Le 28 mars 1757, la sentence est exécutée, dans des conditions particulièrement atroces ; le supplice dure des heures, au grand effroi des spectateurs. Les femmes y assistent en grand nombre, dont beaucoup, selon Casanova, sont émoustillées ; les balcons sont loués jusqu’à cent livres. Les observateurs notent avec stupeur la capacité du public à suivre jusqu'au bout le supplice infligé par Sanson, aidé de seize assistants venus de toute la France et sans réelle pratique de ce genre ; d’autres rapportent l’écoeurement ressenti par une bonne partie de la population : les quatre chevaux sont conduits par des cavaliers enivrés pour les besoins de la cause ; l’écartèlement n’aboutit qu’au bout de soixante reprises ! l’homme est robuste et les juges ont interdit de couper les tendons pour faciliter l’arrachement des membres, ils finiront par donner l’autorisation après deux heures et quart de boucherie. On raconte que hormis des cris atroces de douleurs, il ne répète sans cesse que : « Mon dieu, ayez pitié de moi ! ».. C’est à la tombée de la nuit, à l’enlèvement du bras droit, son dernier membre, que Damiens rend enfin son dernier soupir. Son corps et ses membres sont jetés au feu.
« La journée va être rude » aurait dit le condamné, une parole historique probablement apocryphe, comme la plupart d’entre elles.
Sa femme, sa fille et son père sont bannis du royaume, sous peine de mort immédiate en cas de retour, et le reste de sa famille est contraint de changer de nom ; plusieurs branches de la famille reprendront le nom de Damiens pendant la Révolution.

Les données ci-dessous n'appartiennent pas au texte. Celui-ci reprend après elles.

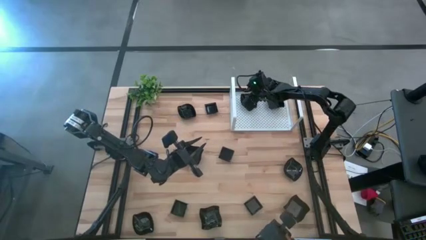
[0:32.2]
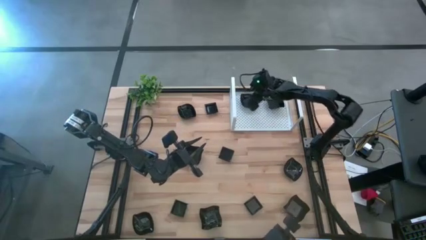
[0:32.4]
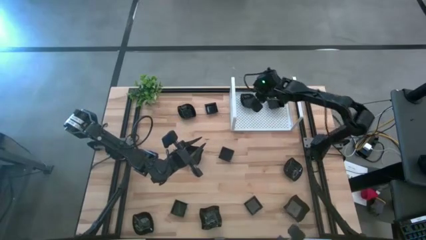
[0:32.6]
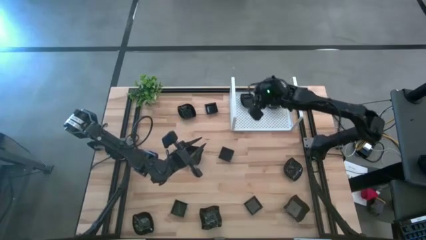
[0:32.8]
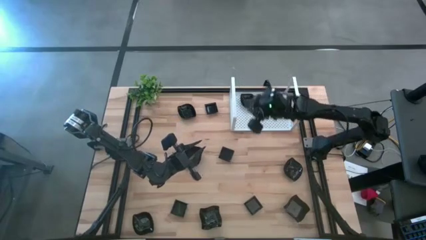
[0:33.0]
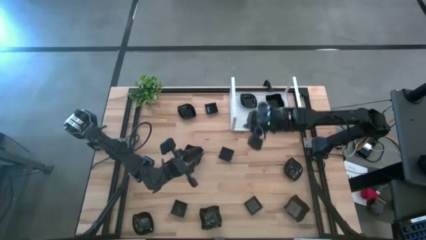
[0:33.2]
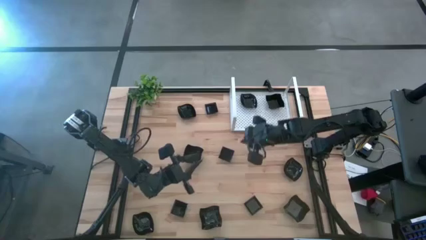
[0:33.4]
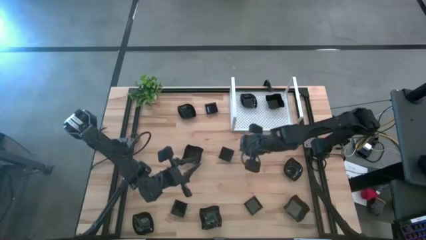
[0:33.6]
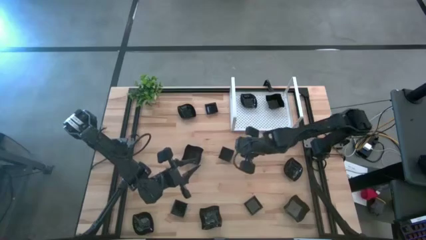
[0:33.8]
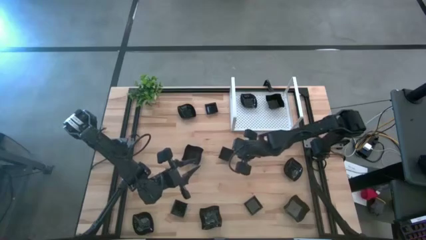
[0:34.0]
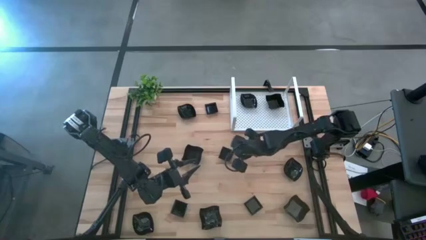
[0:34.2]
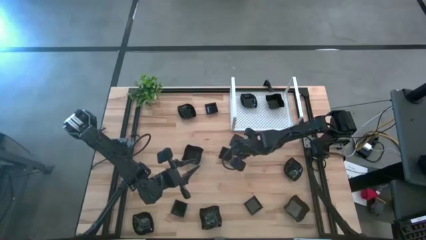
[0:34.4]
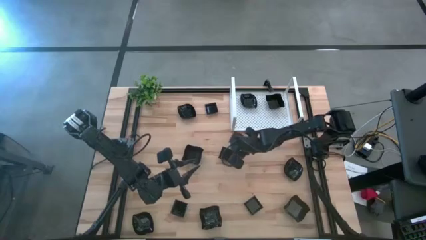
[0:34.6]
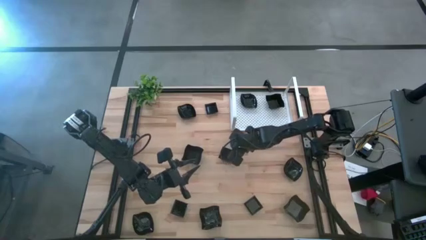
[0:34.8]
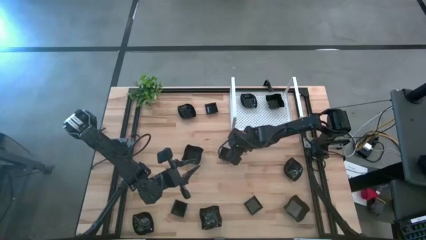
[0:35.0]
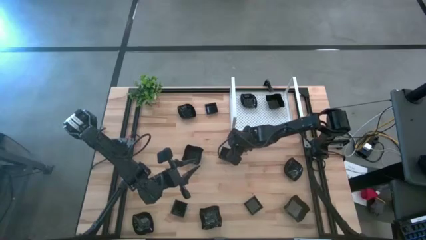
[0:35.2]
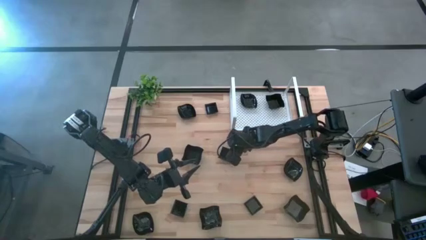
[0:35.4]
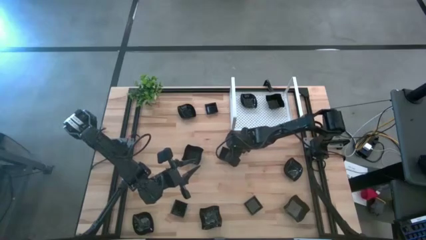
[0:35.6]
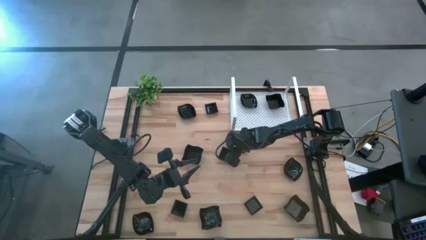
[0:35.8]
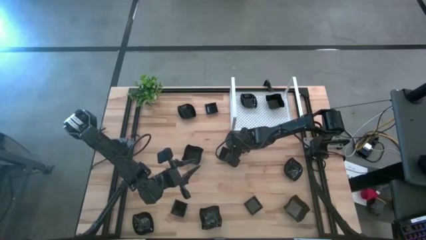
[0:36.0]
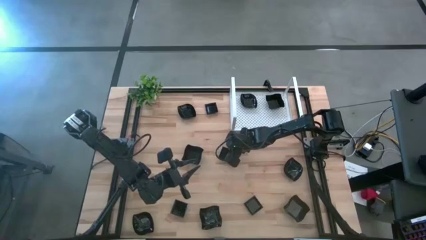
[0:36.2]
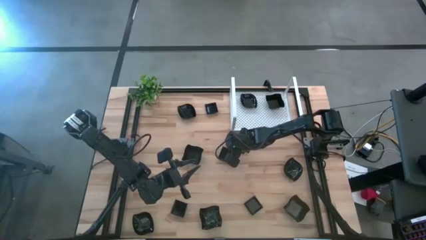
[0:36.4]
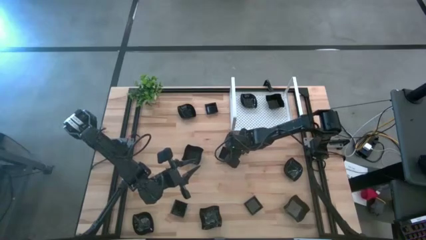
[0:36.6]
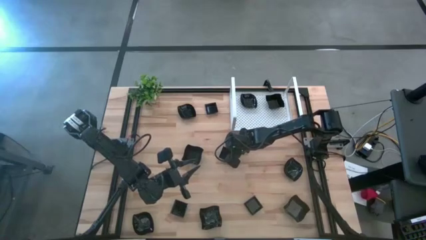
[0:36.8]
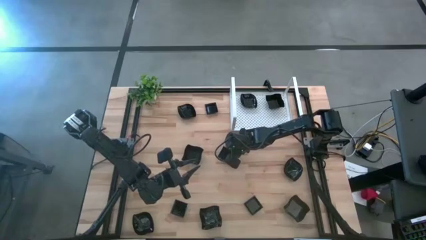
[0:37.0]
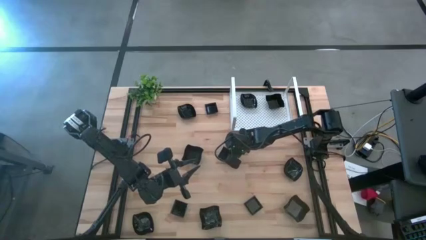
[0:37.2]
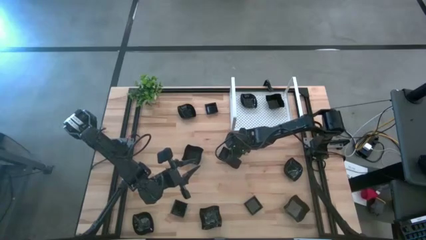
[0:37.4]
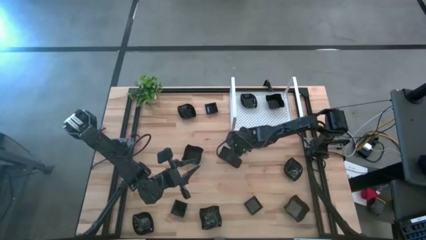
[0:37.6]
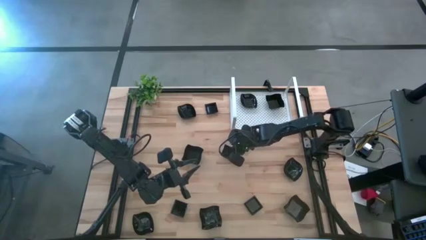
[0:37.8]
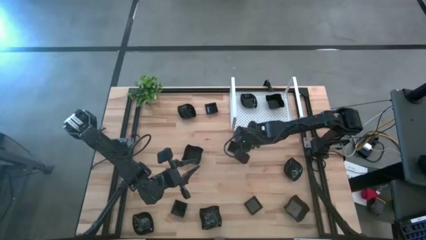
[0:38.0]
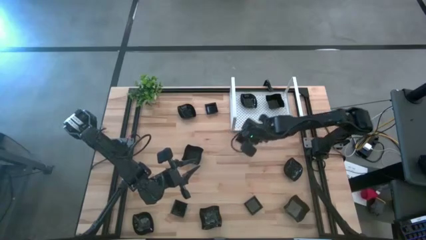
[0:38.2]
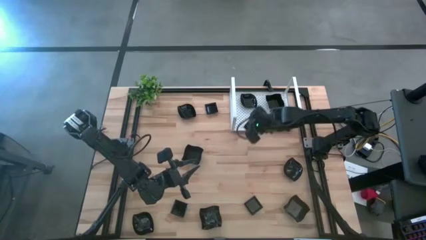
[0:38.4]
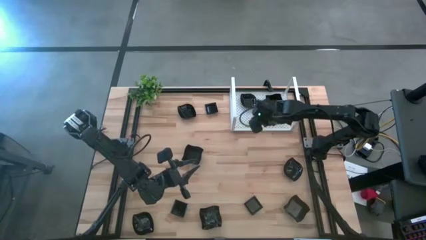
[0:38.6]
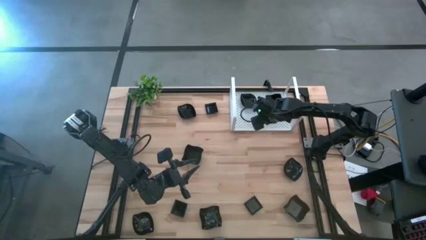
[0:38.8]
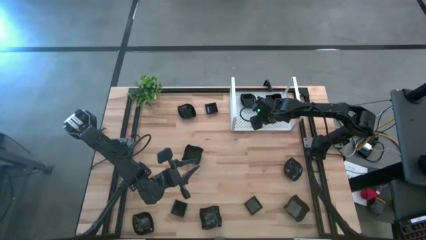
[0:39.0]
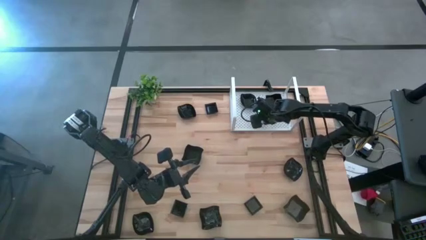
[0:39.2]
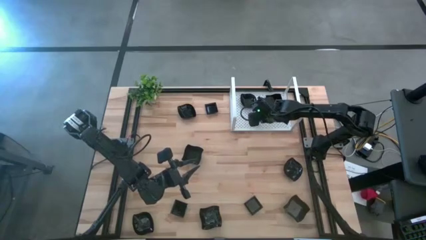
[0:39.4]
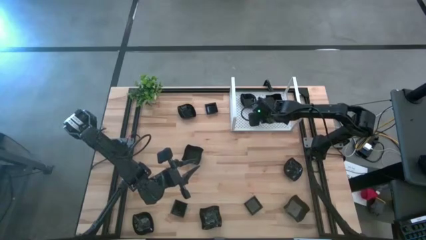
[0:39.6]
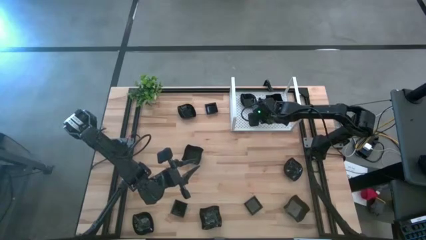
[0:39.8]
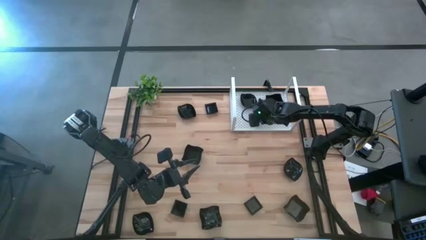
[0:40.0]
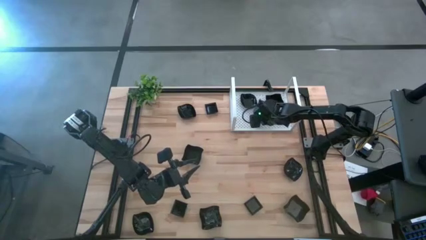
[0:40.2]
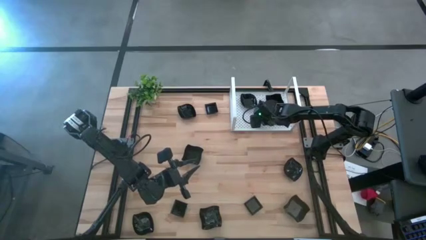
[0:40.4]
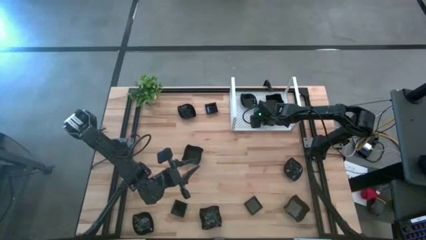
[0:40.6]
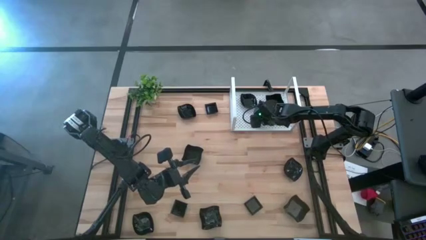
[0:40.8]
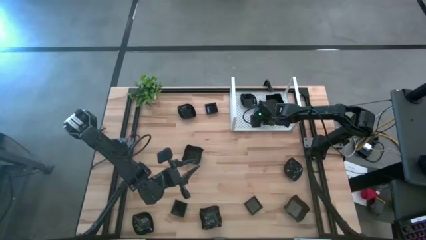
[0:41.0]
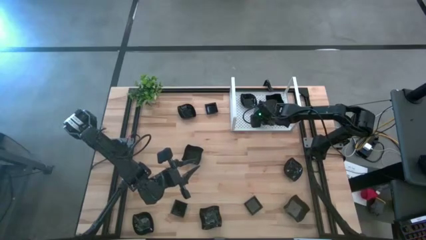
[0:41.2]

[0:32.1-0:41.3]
Task: Pick & Place Mini shaped plates
Put the square plate on the shelf

Charles Jean-Baptiste Sanson, le bourreau de Paris, de la célèbre dynastie des Sanson depuis Louis XIV, est à demi paralysé depuis trois ans ; il a dû céder le flambeau à son fils, Charles-Henri Sanson, le futur exécuteur de Louis XVI et des grands ténors de la Révolution (cf. 17) ; il n'a alors que dix-huit ans. Il doit être assisté de François Prudhomme, bourreau spécialiste de la torture ; Charles-Henri ne pourra s’acquitter de sa tâche jusqu’au bout.